### Task brief
For the material that follows, return exactly the lines from the one with "Describe the element" through the one with "Identify the thing at (522, 333).", both ends included.

### Given data
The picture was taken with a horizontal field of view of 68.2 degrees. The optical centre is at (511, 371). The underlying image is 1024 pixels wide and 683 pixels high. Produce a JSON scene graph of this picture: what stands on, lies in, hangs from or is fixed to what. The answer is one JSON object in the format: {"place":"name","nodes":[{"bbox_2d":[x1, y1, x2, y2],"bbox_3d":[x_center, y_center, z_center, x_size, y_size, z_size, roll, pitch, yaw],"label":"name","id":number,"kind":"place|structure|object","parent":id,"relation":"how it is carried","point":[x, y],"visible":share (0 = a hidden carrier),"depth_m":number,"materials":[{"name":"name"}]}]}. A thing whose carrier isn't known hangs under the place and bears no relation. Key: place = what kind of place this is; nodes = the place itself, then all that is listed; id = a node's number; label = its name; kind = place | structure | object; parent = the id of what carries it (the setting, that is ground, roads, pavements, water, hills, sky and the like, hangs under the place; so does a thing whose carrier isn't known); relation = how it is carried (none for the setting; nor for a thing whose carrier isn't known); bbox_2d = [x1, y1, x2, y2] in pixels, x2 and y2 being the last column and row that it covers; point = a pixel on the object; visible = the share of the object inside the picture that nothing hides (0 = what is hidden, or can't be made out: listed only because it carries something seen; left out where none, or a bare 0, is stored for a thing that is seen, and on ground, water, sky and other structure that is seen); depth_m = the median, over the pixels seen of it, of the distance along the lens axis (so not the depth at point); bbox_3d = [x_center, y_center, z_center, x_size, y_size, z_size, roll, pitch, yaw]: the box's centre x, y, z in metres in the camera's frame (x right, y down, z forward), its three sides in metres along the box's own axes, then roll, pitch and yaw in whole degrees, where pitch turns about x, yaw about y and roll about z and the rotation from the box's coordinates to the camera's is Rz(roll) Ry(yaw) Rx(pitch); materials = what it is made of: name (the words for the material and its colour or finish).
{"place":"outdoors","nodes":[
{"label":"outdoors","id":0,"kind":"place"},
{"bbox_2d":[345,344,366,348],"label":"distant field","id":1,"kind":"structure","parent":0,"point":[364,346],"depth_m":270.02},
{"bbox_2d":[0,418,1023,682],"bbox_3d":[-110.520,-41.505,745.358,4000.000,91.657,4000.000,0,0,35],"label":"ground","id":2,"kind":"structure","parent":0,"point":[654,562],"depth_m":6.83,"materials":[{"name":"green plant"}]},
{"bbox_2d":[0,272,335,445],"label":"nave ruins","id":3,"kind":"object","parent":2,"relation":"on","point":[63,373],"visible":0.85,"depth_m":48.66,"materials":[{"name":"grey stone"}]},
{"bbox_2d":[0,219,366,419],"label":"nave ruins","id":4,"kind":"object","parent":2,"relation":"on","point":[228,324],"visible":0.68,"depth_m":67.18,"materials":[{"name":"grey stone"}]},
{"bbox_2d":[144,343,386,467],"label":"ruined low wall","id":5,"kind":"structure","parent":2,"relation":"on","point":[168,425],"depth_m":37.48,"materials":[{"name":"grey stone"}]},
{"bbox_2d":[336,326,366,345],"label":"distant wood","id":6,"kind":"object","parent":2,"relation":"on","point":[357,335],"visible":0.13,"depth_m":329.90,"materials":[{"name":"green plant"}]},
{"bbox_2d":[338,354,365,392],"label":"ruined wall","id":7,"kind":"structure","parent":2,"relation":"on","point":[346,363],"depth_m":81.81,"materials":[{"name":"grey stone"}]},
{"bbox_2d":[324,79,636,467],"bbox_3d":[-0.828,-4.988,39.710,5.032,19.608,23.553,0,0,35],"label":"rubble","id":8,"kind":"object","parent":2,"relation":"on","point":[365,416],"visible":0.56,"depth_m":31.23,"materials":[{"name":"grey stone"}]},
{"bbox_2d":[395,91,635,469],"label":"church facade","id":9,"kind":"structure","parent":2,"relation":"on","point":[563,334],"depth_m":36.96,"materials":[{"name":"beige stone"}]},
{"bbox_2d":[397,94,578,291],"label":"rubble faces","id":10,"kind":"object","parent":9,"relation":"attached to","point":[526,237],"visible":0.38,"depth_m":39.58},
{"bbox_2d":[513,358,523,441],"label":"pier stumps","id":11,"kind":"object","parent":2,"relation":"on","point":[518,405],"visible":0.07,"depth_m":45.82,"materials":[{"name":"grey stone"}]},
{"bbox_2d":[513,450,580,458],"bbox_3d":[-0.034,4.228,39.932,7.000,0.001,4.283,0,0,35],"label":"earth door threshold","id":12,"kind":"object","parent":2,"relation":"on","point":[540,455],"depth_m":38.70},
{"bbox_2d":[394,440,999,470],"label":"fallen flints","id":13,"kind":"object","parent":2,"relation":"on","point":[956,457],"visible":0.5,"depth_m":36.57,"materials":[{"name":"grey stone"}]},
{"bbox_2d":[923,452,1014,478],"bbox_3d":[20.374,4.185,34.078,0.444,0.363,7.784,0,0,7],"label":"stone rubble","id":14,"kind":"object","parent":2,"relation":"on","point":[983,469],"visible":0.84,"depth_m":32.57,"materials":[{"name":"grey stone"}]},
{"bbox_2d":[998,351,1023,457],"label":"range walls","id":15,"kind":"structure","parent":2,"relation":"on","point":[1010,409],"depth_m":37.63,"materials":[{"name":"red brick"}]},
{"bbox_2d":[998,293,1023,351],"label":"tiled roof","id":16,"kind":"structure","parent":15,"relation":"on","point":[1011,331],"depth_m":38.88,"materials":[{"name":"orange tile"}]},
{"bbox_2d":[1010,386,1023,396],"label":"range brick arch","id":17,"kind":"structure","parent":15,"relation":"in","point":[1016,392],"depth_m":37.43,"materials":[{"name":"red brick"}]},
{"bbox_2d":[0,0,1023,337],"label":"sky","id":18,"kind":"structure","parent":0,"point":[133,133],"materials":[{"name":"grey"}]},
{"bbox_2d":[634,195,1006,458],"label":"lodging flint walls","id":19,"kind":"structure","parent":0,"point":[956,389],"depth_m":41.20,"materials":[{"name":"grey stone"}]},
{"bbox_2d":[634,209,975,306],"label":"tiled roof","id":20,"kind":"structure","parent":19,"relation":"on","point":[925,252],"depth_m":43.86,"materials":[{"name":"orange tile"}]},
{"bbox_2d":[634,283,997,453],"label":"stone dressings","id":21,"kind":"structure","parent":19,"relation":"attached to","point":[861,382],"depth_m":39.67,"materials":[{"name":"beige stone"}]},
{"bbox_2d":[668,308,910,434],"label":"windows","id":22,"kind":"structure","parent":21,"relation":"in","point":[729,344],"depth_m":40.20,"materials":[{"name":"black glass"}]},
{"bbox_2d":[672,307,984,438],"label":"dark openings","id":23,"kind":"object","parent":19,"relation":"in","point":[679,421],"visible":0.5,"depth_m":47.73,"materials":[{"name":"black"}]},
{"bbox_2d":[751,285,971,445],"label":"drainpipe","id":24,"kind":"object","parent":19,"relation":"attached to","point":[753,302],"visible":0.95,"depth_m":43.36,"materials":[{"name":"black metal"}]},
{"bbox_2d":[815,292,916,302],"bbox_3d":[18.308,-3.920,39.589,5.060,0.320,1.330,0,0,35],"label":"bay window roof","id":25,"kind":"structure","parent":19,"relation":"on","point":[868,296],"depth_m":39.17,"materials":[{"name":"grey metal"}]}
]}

---

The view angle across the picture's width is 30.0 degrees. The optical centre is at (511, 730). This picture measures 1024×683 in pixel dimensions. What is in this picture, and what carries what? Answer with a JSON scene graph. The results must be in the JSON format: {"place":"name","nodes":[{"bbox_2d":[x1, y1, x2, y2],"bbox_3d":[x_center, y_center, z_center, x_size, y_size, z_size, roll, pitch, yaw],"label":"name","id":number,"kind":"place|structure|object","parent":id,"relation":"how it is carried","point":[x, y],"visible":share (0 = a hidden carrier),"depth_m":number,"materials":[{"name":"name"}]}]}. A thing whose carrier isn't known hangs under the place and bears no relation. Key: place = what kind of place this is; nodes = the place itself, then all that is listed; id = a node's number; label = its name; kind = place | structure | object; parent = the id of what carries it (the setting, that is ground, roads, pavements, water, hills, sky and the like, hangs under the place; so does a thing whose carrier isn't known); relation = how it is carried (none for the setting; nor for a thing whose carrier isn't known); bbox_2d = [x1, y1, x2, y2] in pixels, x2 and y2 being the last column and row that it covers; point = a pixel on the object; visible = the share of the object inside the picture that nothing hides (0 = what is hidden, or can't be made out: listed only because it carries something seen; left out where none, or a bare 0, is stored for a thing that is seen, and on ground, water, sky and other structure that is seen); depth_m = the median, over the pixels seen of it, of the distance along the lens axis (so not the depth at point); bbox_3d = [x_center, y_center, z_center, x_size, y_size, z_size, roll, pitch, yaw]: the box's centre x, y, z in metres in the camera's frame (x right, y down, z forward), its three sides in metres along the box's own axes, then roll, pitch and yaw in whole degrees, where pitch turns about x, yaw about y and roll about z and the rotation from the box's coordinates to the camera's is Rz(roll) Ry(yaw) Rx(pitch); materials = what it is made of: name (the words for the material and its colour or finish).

==

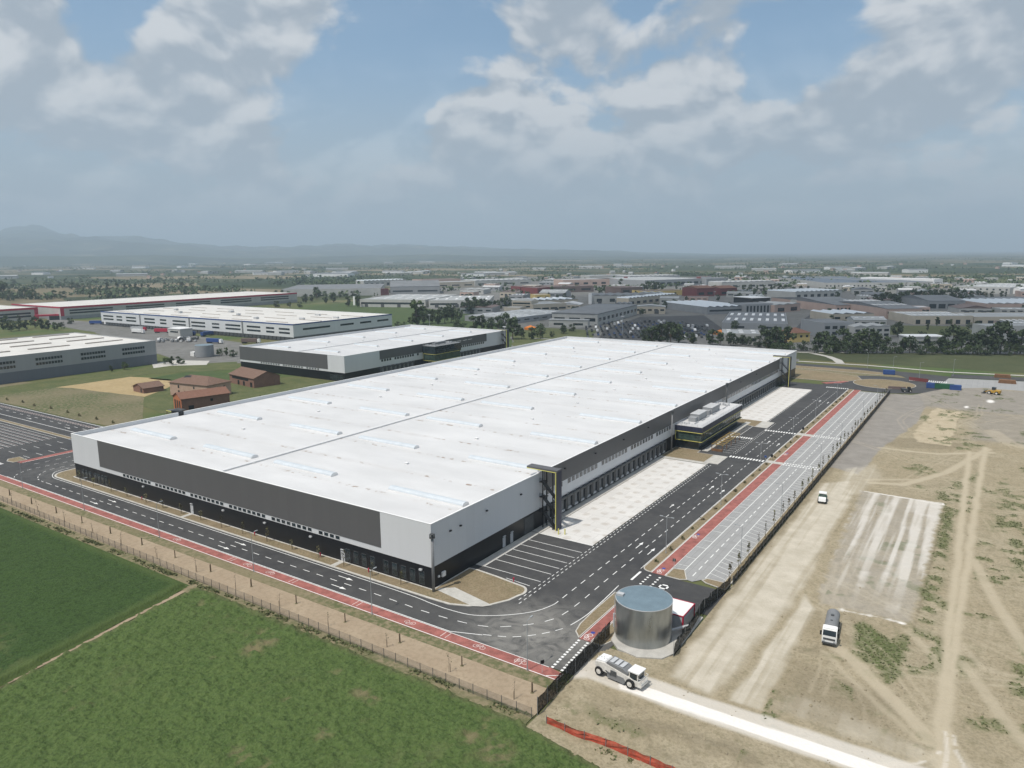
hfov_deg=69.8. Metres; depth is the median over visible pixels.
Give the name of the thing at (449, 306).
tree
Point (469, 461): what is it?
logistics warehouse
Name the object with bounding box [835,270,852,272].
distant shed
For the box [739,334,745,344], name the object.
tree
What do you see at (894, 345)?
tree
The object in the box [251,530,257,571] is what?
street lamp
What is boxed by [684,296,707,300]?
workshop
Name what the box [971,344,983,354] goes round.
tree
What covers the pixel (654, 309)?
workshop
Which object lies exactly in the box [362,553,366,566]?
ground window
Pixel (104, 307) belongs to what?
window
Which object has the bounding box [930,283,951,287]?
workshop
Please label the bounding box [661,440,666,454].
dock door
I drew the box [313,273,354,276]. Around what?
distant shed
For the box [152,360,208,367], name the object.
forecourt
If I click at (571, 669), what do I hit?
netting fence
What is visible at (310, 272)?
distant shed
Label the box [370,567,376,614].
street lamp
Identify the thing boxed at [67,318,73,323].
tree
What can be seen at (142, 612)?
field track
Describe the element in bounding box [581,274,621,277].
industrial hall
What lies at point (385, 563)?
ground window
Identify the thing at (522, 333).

### Written reply
Describe the element in bounding box [581,274,621,277].
industrial hall
What lies at point (385, 563)?
ground window
Identify the thing at (522, 333).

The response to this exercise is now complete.